Should I test my algorithm using a standard dataset that I believe is flawed?

You leave a lot unsaid here, such as how expensive (time, money) it is to run the algorithm on any given dataset and how much effort to create a new one.

Three pieces of advice, though. If it is more or less standard to use the published data, then using that should give you some basis for evaluating your algorithm compared to others. With a new dataset you lose that opportunity.

A new dataset also leaves you open to a charge that the "great" results you got were just an artifact of the dataset you created on your own. You should probably avoid that. At least as the first iteration.

There is no reason that you couldn't use the existing dataset, gather your results, but also, in the same paper, discuss the shortcomings of that dataset. This also gives you an opening to future work and you might even get some advice on how to avoid the second point above.

Ok. Four pieces of advice. If you are new at this (and not a doctoral candidate writing a dissertation) you don't need to push the boundaries too far to make a contribution. You can use the simplest case to set up your case 4. for the future. But if you buck current practice very much you need to justify it.


On the other hand, if you are a doctoral candidate, the significance of your work is normally considered more important than the time you need to put into it and the expectation is that it is novel. But you still need to avoid the charge of tailoring the data to fit the desired results.
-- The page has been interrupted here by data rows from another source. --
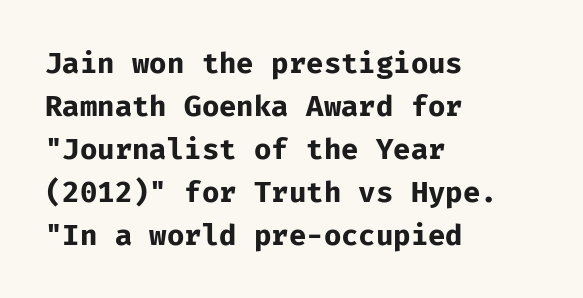
The image shows 29 px bold sans-serif type, upright, monospaced; set left-aligned, normal line spacing (1.48x), normal letter spacing, not underlined; low stroke contrast and a medium x-height.
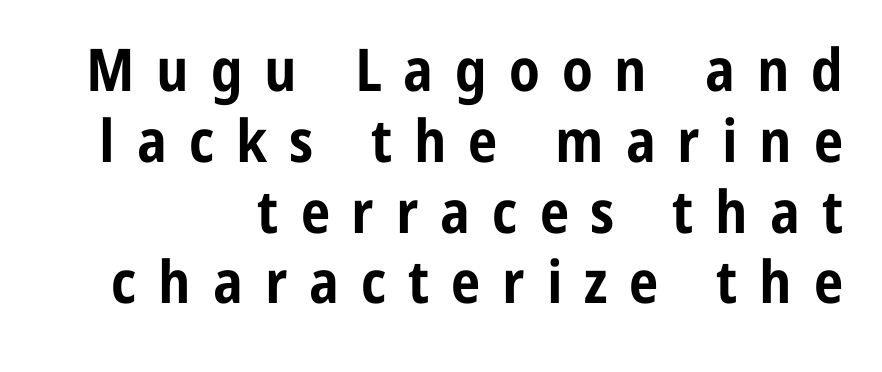
{"serif": "no", "italic": "no", "bold": "yes", "weight": "bold", "width": "condensed", "stroke_contrast": "low", "x_height": "medium", "monospaced": "no", "underline": "no", "align": "right", "line_spacing_ratio": 1.2, "letter_spacing": "wide", "letter_spacing_em": 0.37, "glyph_px": 59}
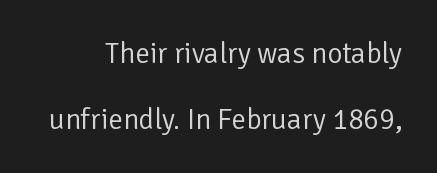
The image shows 29 px regular-weight sans-serif type, upright; set loose line spacing (2.27x), normal letter spacing, not underlined; low stroke contrast and a medium x-height.
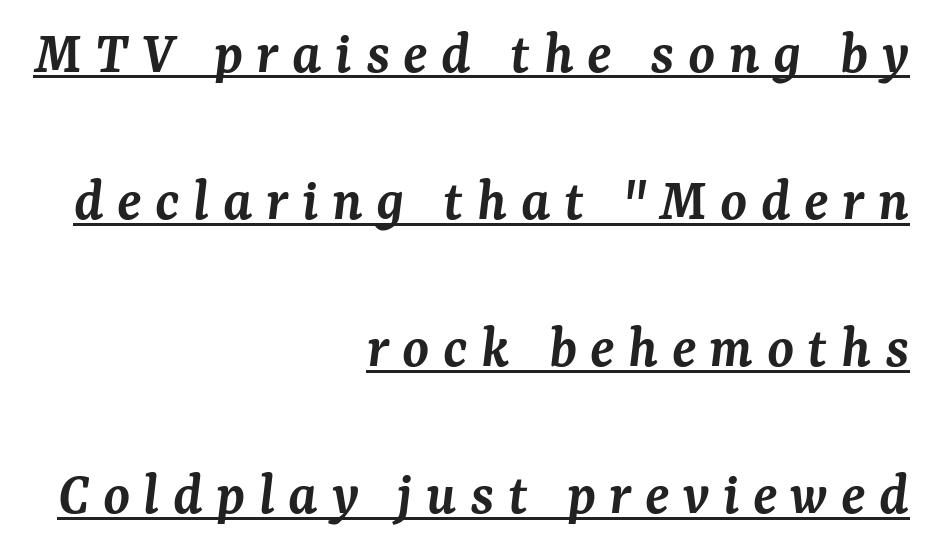
Q: Is the text bold? A: Semi-bold.
Q: Is the text italic (slanted)? A: Yes, it leans right by about 7 degrees.
Q: Is the typeface a serif or a sans-serif typeface? A: Serif.
Q: Is the text underlined? A: Yes.
Q: How is the paragraph aligned? A: Right-aligned.
Q: Is the spacing between letters normal or unusually wide? A: Unusually wide.
Q: Is the spacing between lines tight, normal or loose? A: Loose.
Q: Width (condensed, normal, or wide)? A: Normal.
Q: Stroke contrast? A: Medium.
Q: x-height? A: Medium.
Q: Monospaced? A: No.
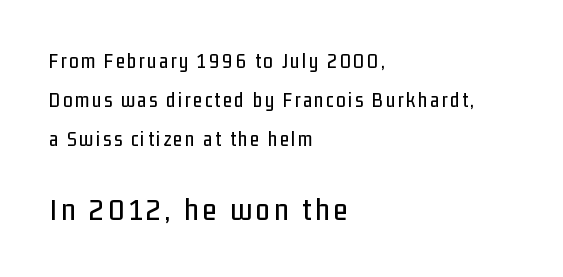
The characters display no serif detailing; their extremities are plain. Each letter keeps its own natural width here, so spacing adapts to shape. Honestly, there is no underline to notice here at all. The lettering stays uniformly vertical, giving the passage a roman look. The block sitting lower on the canvas is the one with enlarged characters. Reading down the block, your eye returns to a fixed left position each line.
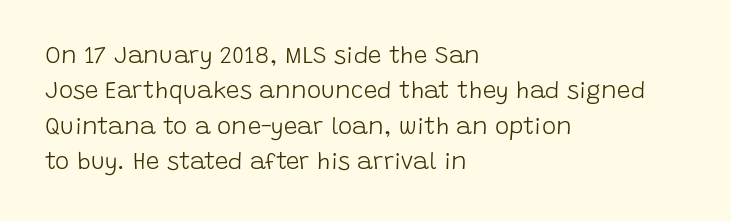
{"italic": "no", "bold": "no", "underline": "no", "align": "left", "line_spacing": "normal", "line_spacing_ratio": 1.47, "letter_spacing": "normal", "letter_spacing_em": 0.0, "glyph_px": 24}
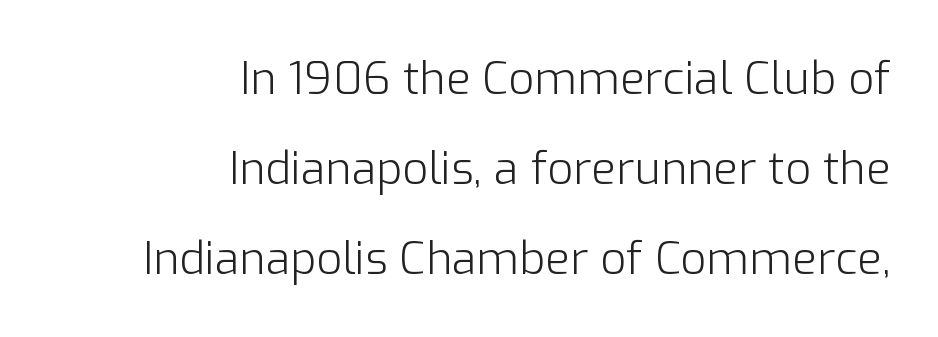
The image shows 45 px light sans-serif type, upright; set right-aligned, loose line spacing (2.0x), normal letter spacing, not underlined; low stroke contrast and a medium x-height.

In general, I would recommend this option, the third one:

  1. Publish my algorithm using a more robust benchmark that I create on my own, in addition to the flawed benchmark. Many papers test their algorithms on additional custom datasets (though usually simulations) so this is not unusual. However, this would imply I consider the flawed benchmark valid and that would still be the results most people look at.
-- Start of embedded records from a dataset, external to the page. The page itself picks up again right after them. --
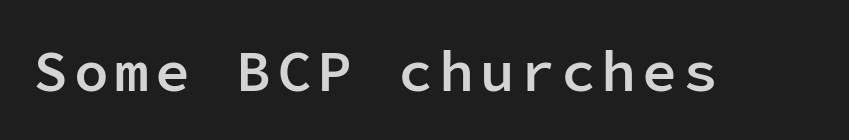
{"serif": "no", "italic": "no", "bold": "semi", "weight": "semibold", "width": "normal", "stroke_contrast": "low", "x_height": "medium", "monospaced": "yes", "underline": "no", "glyph_px": 58}
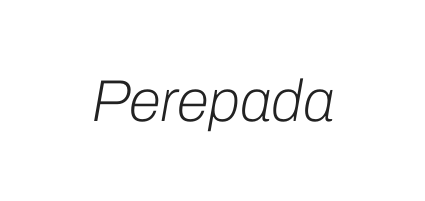
Q: Is the text bold? A: No.
Q: Is the text italic (slanted)? A: Yes, it leans right by about 10 degrees.
Q: Is the text underlined? A: No.
Q: Is the spacing between letters normal or unusually wide? A: Normal.
Q: Width (condensed, normal, or wide)? A: Normal.
Q: Stroke contrast? A: Low.
Q: x-height? A: Medium.
Q: Monospaced? A: No.
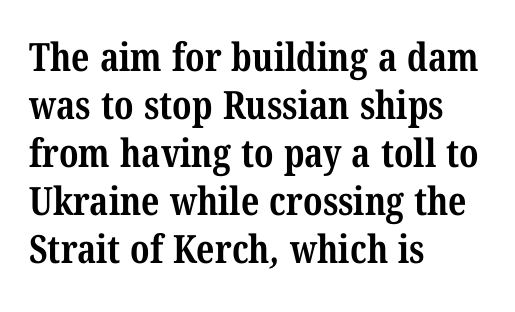
Chunky letters — that's bold for sure. Which margin do the lines hug? The left one — the right edge is uneven. Unlike a clean sans, this face finishes its strokes with serifs. Students, note that the glyphs here touch the page at normal intervals.
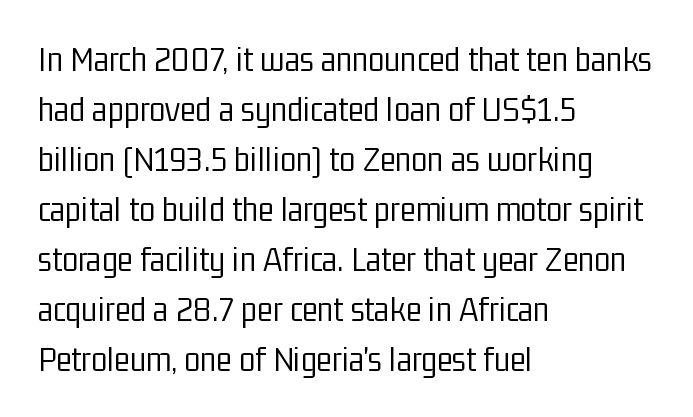
Q: Is the text bold? A: No.
Q: Is the text italic (slanted)? A: No, it is upright.
Q: Is the typeface a serif or a sans-serif typeface? A: Sans-serif.
Q: Is the text underlined? A: No.
Q: How is the paragraph aligned? A: Left-aligned.
Q: Is the spacing between letters normal or unusually wide? A: Normal.
Q: Is the spacing between lines tight, normal or loose? A: Normal.
Q: Width (condensed, normal, or wide)? A: Condensed.
Q: Stroke contrast? A: Low.
Q: x-height? A: Medium.
Q: Monospaced? A: No.
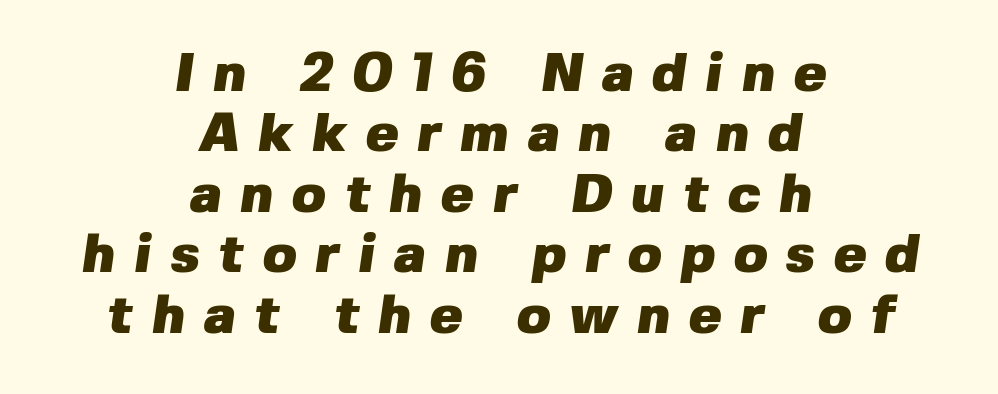
{"serif": "no", "bold": "yes", "weight": "heavy", "width": "normal", "stroke_contrast": "low", "x_height": "medium", "monospaced": "no", "underline": "no", "align": "center", "line_spacing": "tight", "line_spacing_ratio": 1.1, "letter_spacing": "wide", "letter_spacing_em": 0.34, "glyph_px": 55}
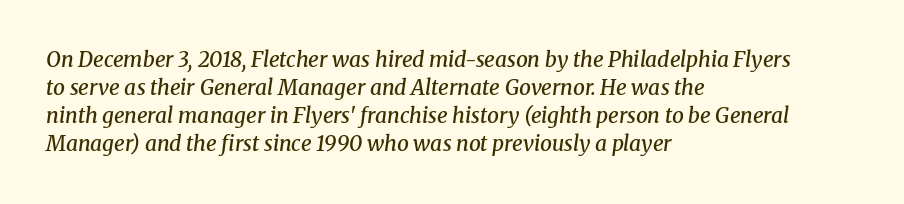
{"italic": "yes", "lean": "right", "slant_degrees": 8, "bold": "semi", "underline": "no", "align": "left", "line_spacing": "normal", "line_spacing_ratio": 1.34, "letter_spacing": "normal", "letter_spacing_em": 0.0, "glyph_px": 21}
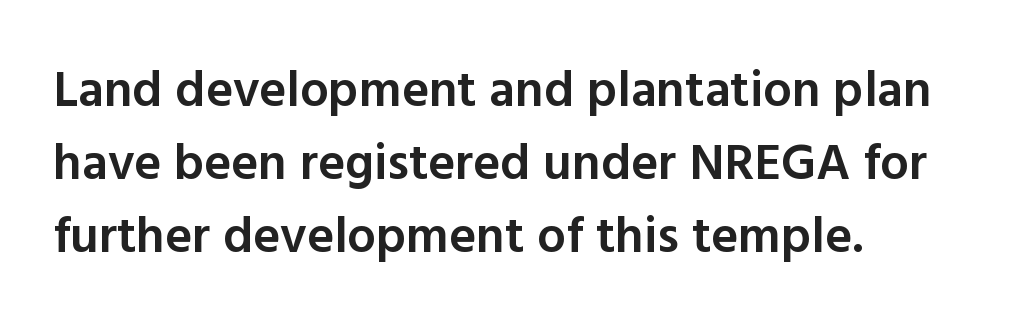
Q: Is the text bold? A: Semi-bold.
Q: Is the text italic (slanted)? A: No, it is upright.
Q: Is the typeface a serif or a sans-serif typeface? A: Sans-serif.
Q: Is the text underlined? A: No.
Q: How is the paragraph aligned? A: Left-aligned.
Q: Is the spacing between letters normal or unusually wide? A: Normal.
Q: Is the spacing between lines tight, normal or loose? A: Normal.
Q: Width (condensed, normal, or wide)? A: Normal.
Q: x-height? A: Medium.
Q: Monospaced? A: No.
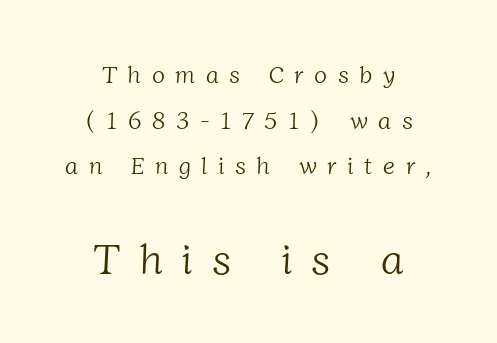
The image shows 42 px light serif type; set centered, loose line spacing (1.9x), unusually wide letter spacing (+0.44 em), not underlined; the second (bottom) block is 1.75x larger; low stroke contrast and a medium x-height.
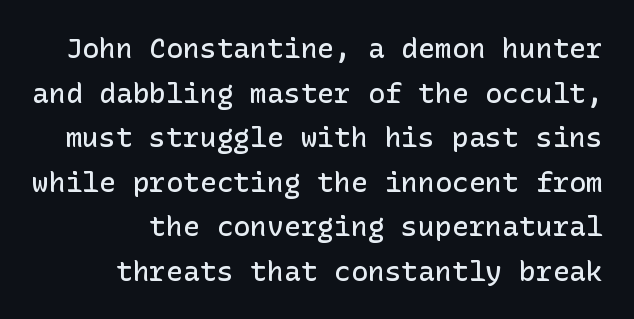
The image shows 28 px semibold sans-serif type, upright; set normal line spacing (1.59x), normal letter spacing, not underlined; low stroke contrast and a medium x-height.
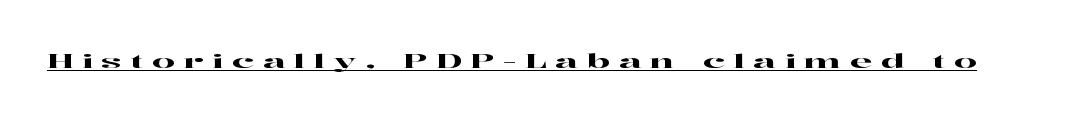
{"italic": "no", "underline": "yes", "letter_spacing": "wide", "letter_spacing_em": 0.44, "glyph_px": 20}
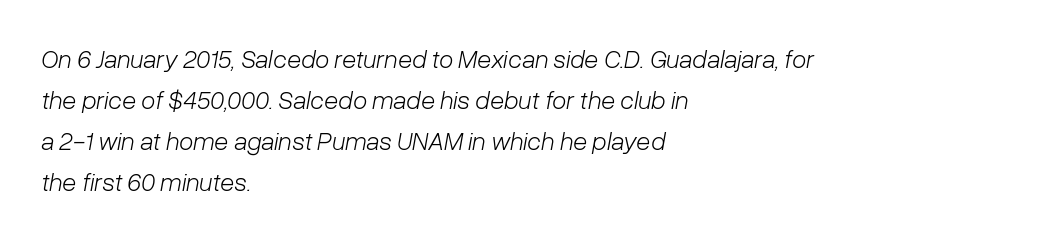
Q: Is the text bold? A: No.
Q: Is the text italic (slanted)? A: Yes, it leans right by about 10 degrees.
Q: Is the text underlined? A: No.
Q: How is the paragraph aligned? A: Left-aligned.
Q: Is the spacing between letters normal or unusually wide? A: Normal.
Q: Is the spacing between lines tight, normal or loose? A: Normal.

As also already suggested by the other answers, you can explain in the paper what flaws you have perceived in the dataset, but still test on it anyway. That way, you do not necessarily imply that you consider the flawed benchmark valid, but also avoid "accusations" that you only made up your own dataset in order to find something your algorithm performs well on.

Additionally, it may be interesting to note that pointing out flaws in existing benchmarks with widespread use can be a very useful contribution in and of itself, maybe even the focus of an entire paper, provided that you do it well and thoroughly. See some examples (also from the field of AI):

  • Revisiting the Arcade Learning Environment: Evaluation Protocols and Open Problems for General Agents: this paper points out some flaws in how a lot of existing research has flawed evaluations in the "Arcade Learning Environment" (this is in Reinforcement Learning). Importantly, it also proposes solutions.
  • Deep Reinforcement Learning that Matters: another paper which points out flaws in evaluation methodology, again in (deep) Reinforcement Learning, this one is a bit more general than just about the "Arcade Learning Environment".
  • A Detailed Analysis of the KDD Cup 99 Data Set: a much older example, and perhaps more similar to your case in that it points out flaws in a particular dataset commonly used for evaluations, rather than flaws in evaluation methodology.
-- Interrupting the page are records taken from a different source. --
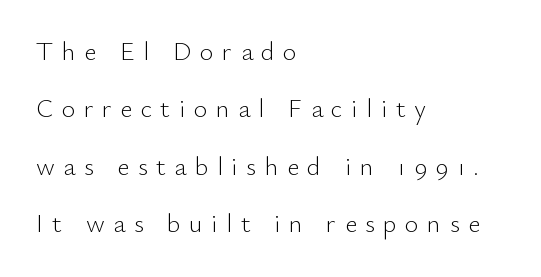
The image shows 26 px text type, upright; set left-aligned, loose line spacing (2.21x), unusually wide letter spacing (+0.33 em), not underlined.
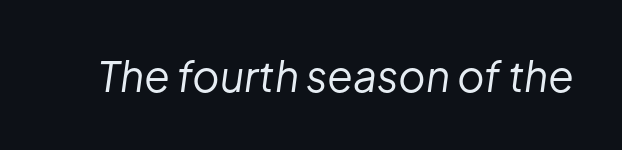
{"italic": "yes", "lean": "right", "slant_degrees": 8, "bold": "no", "weight": "regular", "width": "normal", "stroke_contrast": "low", "x_height": "medium", "monospaced": "no", "underline": "no", "letter_spacing": "normal", "letter_spacing_em": 0.0, "glyph_px": 42}
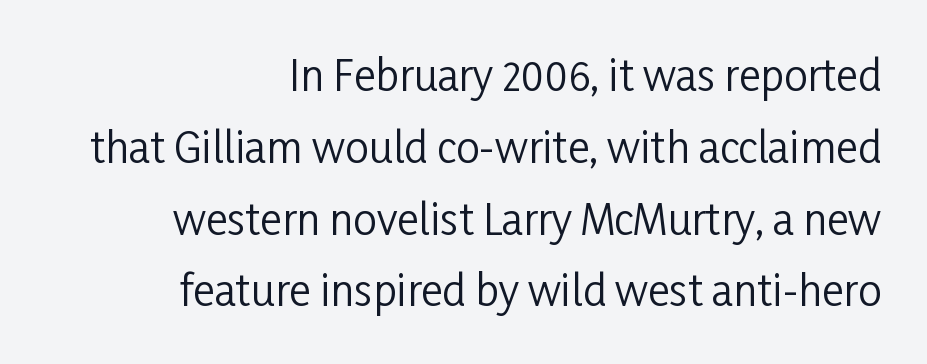
Q: Is the text bold? A: No.
Q: Is the text italic (slanted)? A: No, it is upright.
Q: Is the typeface a serif or a sans-serif typeface? A: Sans-serif.
Q: Is the text underlined? A: No.
Q: How is the paragraph aligned? A: Right-aligned.
Q: Is the spacing between letters normal or unusually wide? A: Normal.
Q: Width (condensed, normal, or wide)? A: Condensed.
Q: Stroke contrast? A: Low.
Q: x-height? A: Medium.
Q: Monospaced? A: No.
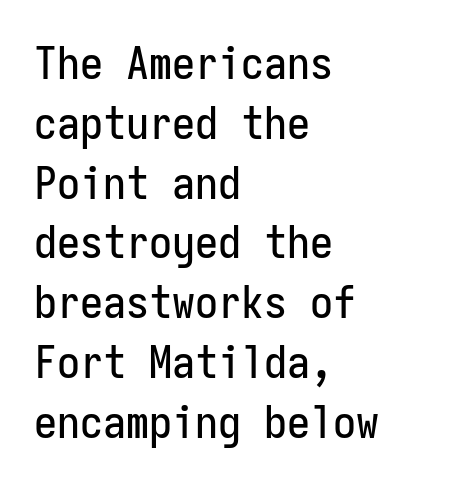
You could count columns in this text — the font is strictly monospaced. Descenders hang freely into open space. Is the block centered? No — it sits flush against the left margin. Line spacing here is normal. The line texture is even and compact thanks to regular tracking.
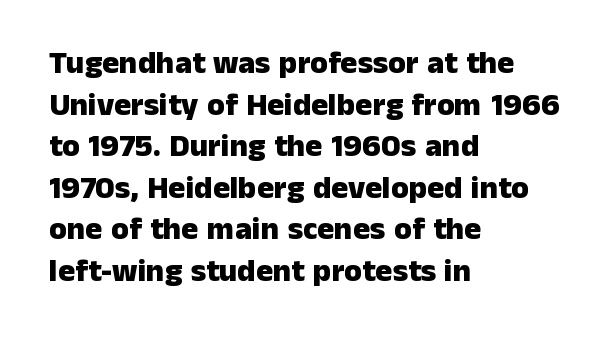
{"serif": "no", "italic": "no", "bold": "yes", "weight": "heavy", "width": "normal", "stroke_contrast": "low", "x_height": "medium", "monospaced": "no", "underline": "no", "align": "left", "line_spacing": "normal", "line_spacing_ratio": 1.3, "letter_spacing": "normal", "letter_spacing_em": 0.0, "glyph_px": 32}
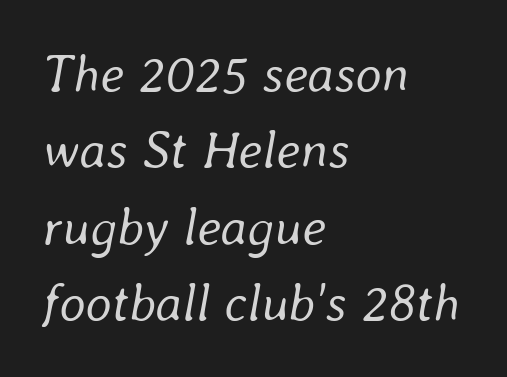
The image shows 52 px regular-weight type, italic (leaning right); set left-aligned, normal line spacing (1.47x), normal letter spacing, not underlined; low stroke contrast and a medium x-height.

So, you basically say that standard data batch has a flaw / does not take something into account. And you already have some kind of an implementation you would like to test. It does not work well with standard data because of the flaw. It would be possible for you to create a further data set where your code shines.


I would do the following in the paper:

  • Highlight the initial broad problem you are trying to solve. (Things like real-time rendering, image registration, 3SAT, etc.) It would be best if you could already there indicate what does the standard data set not regard, but what is an inherent part of the problem. (Like, "the absorbed light is not immediately reflected back at the same spot", "the objects are deformed in-between", n=2.)
  • Present your solution, implementation details, and special efforts to take care of the said issue.
  • Test your implementation on the community-acknowledged standard data set (with a notice that it does not fully represent the said issue). Additionally, build and present a better data set that takes in the account the above issue. Ensure the data set is publicly available. You might want to use Zenodo or other public repositories in order to not relay on your university website.

    Absolutely, do test your method on the new data set. This is the actual selling point: "There was a flaw in old data set / way of thinking. Here is a new data set that does not have it. Here is a method that works well with it."

    The best way of comparison is to put an existing method (or methods) on par with your new method using both old and new data sets.

Actually, come up with the new data set and test your approach on it first. If it does not work, you do not need to write the paper.